A good suit is not worn in isolation. A good shirt, as well as shoes, belts and other accessories, are essential. Getting the right shirt underneath the suit tends to be something that is overlooked.


Some men make the mistake of thinking that the shirt is mostly hidden, and they can be lax about the fit. But while most of the shirt is hidden, its effect on the suit is not. Areas to watch out for are:

  • These are noticeable. A tight collar quickly becomes irritating, a loose one looks unstylish.

A collar can be adjusted slightly by moving the top button. Sometimes more dramatic alterations are necessary.


  • Sleeves that are too long will protrude from the suit, and just ruin the whole effect.

A longer sleeve can easily be shortened by the tailor, but lengthening a sleeve is not an easy option.


  • Excess fabric, especially around the waist. This is a common alteration; the extra fabric is removed from the back of the shirt.

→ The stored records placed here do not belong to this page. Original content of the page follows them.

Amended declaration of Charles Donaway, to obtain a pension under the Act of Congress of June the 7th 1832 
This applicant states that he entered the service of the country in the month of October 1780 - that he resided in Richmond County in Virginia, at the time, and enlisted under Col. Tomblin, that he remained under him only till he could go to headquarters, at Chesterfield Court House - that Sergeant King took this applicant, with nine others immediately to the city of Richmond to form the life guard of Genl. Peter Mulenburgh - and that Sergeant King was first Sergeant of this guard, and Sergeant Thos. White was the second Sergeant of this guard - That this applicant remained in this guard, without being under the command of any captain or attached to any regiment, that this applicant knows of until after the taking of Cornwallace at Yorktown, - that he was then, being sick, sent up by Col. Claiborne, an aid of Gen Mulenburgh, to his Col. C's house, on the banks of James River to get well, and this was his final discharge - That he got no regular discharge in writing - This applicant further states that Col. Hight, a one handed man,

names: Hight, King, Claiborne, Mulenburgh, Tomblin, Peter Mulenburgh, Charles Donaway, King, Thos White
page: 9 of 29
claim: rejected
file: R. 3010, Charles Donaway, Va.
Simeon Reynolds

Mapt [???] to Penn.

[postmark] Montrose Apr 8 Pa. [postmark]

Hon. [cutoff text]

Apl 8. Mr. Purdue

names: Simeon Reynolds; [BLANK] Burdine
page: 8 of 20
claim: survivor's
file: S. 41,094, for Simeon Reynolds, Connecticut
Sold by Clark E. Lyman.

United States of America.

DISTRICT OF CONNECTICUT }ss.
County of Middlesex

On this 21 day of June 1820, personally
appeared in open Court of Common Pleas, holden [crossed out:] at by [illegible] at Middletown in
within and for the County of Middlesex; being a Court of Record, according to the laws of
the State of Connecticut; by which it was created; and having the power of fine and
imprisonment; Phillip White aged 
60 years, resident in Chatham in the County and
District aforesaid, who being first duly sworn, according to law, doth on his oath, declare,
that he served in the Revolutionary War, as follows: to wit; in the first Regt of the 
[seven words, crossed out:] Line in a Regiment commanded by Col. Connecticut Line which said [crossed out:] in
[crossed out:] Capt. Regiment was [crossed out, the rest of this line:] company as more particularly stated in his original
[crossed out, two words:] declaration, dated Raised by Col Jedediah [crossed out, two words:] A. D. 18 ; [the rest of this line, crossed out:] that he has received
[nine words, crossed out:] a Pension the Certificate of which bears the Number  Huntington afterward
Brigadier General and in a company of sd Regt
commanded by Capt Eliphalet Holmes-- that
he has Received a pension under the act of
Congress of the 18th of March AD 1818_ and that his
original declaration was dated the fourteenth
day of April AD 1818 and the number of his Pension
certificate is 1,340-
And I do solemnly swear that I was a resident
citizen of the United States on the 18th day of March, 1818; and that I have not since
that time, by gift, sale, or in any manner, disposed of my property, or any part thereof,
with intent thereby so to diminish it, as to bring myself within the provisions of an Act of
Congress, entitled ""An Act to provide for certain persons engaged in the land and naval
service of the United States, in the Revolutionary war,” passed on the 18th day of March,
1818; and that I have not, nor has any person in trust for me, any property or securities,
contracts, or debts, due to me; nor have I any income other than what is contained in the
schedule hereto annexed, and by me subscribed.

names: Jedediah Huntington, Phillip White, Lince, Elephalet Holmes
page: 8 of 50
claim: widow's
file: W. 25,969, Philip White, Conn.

Most men find that a shirt can be adapted to their build if it already fits in the essential areas. If the shirt fits across the width of the shoulders, which will not vary over time, the rest of the shirt can often be made to fit with only minor alterations. Occasionally, for some men’s builds, it is better to have the shirt made to measure.


Shirts must match the tie. We recommend some of the following combinations:

  • A striped shirt with a solid colour tie that matches the stripes. Slight differences and contrasts are acceptable.
  • A finely stripped shirt with a broadly stripped tie. Try vertical stripes on the shirt, and broad diagonal stripes on the tie.
  • Fine vertical stripes on a shirt, and fine dot or patterns on the tie.
  • A vivid tie works well with a plain coloured shirt, white, or pale blue or pink.
  • Ties are almost always darker than the shirt. A white tie is about the only exception, and these are uncommon.
  • Try a light colour shirt with a tie of the same colour, only darker. E.g.: a pink shirt with a near purple tie.
  • Use a colour wheel to choose contrasting colours for ties and shirts, with the tie being more prominent.


Ultimately, the only thing that matters is that the combination works.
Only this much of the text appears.